In the example, data are first loaded from external text files via text_dataset_from_directory and saved as a BatchDataset of shape (None,), which is named train_data. In my own data, the texts and labels are available as vectors of length 80 in R. When I try to convert these data, I obtain a BatchDataset of shape (None,80), which is incompatible with the Tensorflow model defined later.
My question is how I should preprocess my data to apply them with the Tensorflow Hub model.
I am providing a minimal example based on my R code. In the end, I obtain a Value Error, because the model expects data with shape (None,), but gets data with shape (None,80). I am grateful for any help.

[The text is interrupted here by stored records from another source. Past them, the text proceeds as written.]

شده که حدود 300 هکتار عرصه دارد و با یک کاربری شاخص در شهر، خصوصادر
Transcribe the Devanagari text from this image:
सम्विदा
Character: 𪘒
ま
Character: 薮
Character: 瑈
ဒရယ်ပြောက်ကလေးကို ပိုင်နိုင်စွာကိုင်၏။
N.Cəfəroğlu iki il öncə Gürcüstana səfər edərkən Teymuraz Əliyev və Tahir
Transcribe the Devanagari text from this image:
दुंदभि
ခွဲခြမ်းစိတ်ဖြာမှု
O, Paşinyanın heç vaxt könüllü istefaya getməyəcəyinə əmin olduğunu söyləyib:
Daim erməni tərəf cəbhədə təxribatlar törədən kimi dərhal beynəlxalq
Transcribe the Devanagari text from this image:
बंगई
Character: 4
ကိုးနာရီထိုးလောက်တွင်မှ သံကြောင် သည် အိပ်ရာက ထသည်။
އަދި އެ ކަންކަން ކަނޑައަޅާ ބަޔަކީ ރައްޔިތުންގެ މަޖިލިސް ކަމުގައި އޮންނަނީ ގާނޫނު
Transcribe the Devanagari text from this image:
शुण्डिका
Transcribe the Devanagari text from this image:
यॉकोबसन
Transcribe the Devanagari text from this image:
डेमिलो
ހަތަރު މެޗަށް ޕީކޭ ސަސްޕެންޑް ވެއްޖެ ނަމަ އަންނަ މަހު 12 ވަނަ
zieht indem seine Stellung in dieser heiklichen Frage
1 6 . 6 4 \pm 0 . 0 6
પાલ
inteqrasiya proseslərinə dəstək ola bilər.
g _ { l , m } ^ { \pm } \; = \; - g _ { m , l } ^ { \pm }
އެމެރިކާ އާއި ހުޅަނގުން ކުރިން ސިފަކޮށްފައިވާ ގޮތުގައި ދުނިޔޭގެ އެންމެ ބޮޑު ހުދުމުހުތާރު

# Loading the packages library(keras) library(tensorflow) library(tfdatasets) library(tfhub) # We transform the vectors into a tensorflow dataset: # texts_train and labels_train are vectors of length 80 texts_train_tf <- as_tensor(texts_train) # Has shape (80) labels_train_tf <- as_tensor(labels_train) # Has shape (80) train_tf <- tensors_dataset(c(texts_train_tf,labels_train_tf)) # TensorDataset of shape (80,) train_data_tf <- dataset_batch(train_tf, batch_size = 32) # BatchDataset of shape (80,) # Exploring the data batch_tf <- train_data_tf %\>% reticulate::as_iterator() %\>% reticulate::iter_next() # Following the example "Text Classification with TF Hub" embedding <- "https://tfhub.dev/google/nnlm-en-dim50/2" hub_layer <- tfhub::layer_hub(handle = embedding, trainable = TRUE) model <- keras_model_sequential() %\>% hub_layer() %\>% layer_dense(32, activation = "relu") %\>% layer_dense(1) model %\>% compile( optimizer = 'adam', loss = 'mean_squared_error', metrics = 'accuracy' ) history <- model %\>% fit( train_data_tf, epochs = 10, verbose = 1 )
Fitting this model leads to the following error message:
Error: ValueError: in user code: <… omitted …> File "C:\Users\RDEBEL~1\AppData\Local\Temp_autograph_generated_filei_8nea4e.py", line 37, in if_body_3 result = ag_.converted_call(ag__.ld(f), (), None, fscope)
ValueError: Exception encountered when calling layer ‘keras_layer_16’ (type KerasLayer).
in user code:
File “C:\Users\RDEBEL~1\AppData\Local\R-MINI~1\envs\R-RETI~1\lib\site-packages\tensorflow_hub\keras_layer.py”, line 234, in call * result = f()
ValueError: Python inputs incompatible with input_signature: inputs: ( Tensor(“IteratorGetNext:0”, shape=(None, 80), dtype=string)) input_signature: ( TensorSpec(shape=(None,), dtype=tf.string, name=None)).
Call arguments received by layer ‘keras_layer_16’ (type KerasLayer): • inputs=tf.Tensor(shape=(None, 80), dtype=string) • training=True
reticulate::py_last_error() for details